Activity:
Take from the material every line that contains the word "surface".

Raw data:
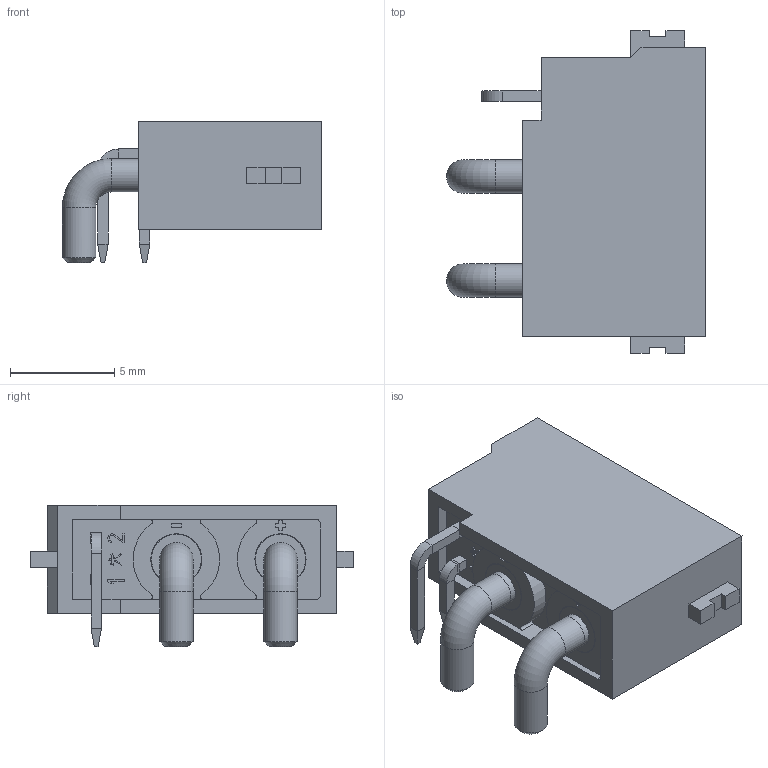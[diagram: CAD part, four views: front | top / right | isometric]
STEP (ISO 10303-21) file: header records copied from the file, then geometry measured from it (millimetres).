
FILE_DESCRIPTION(/* description */ (''),/* implementation_level */ '2;1');
FILE_NAME(/* name */ 'J1.step',/* time_stamp */ '2023-08-12T09:21:51+02:00',/* author */ (''),/* organization */ (''),/* preprocessor_version */ 'ST-DEVELOPER v20',/* originating_system */ 'Autodesk Translation Framework v12.9.0.99',/* authorisation */ '');
FILE_SCHEMA (('AUTOMOTIVE_DESIGN { 1 0 10303 214 3 1 1 }'));
Length unit declared in the file: millimetre
Products named in the file (2): J1; XT30(2+2)PW-M
Assembly tree (1 placements, depth 2):
  J1
    XT30(2+2)PW-M
Bounding box: 12.44 x 15.5 x 6.8 mm (x, y, z)
Volume: 368.6 mm3; surface area: 1049.4 mm2
Topology: 9 solids, 9 shells, 780 faces, 1926 edges, 1188 vertices
Faces by surface type: plane 445, cylinder 193, cone 132, bspline 8, torus 2
Full cylindrical faces by diameter (mm): 1.6 x6, 1.9 x2, 2 x2, 2.3 x2, 2.45 x2, 2.452 x4
Entity records: 23632 total; most frequent: CARTESIAN_POINT 5453, ORIENTED_EDGE 3852, DIRECTION 3668, EDGE_CURVE 1926, AXIS2_PLACEMENT_3D 1319, VERTEX_POINT 1188, LINE 1030, VECTOR 1030

Answer to the problem:
Volume: 368.6 mm3; surface area: 1049.4 mm2
Faces by surface type: plane 445, cylinder 193, cone 132, bspline 8, torus 2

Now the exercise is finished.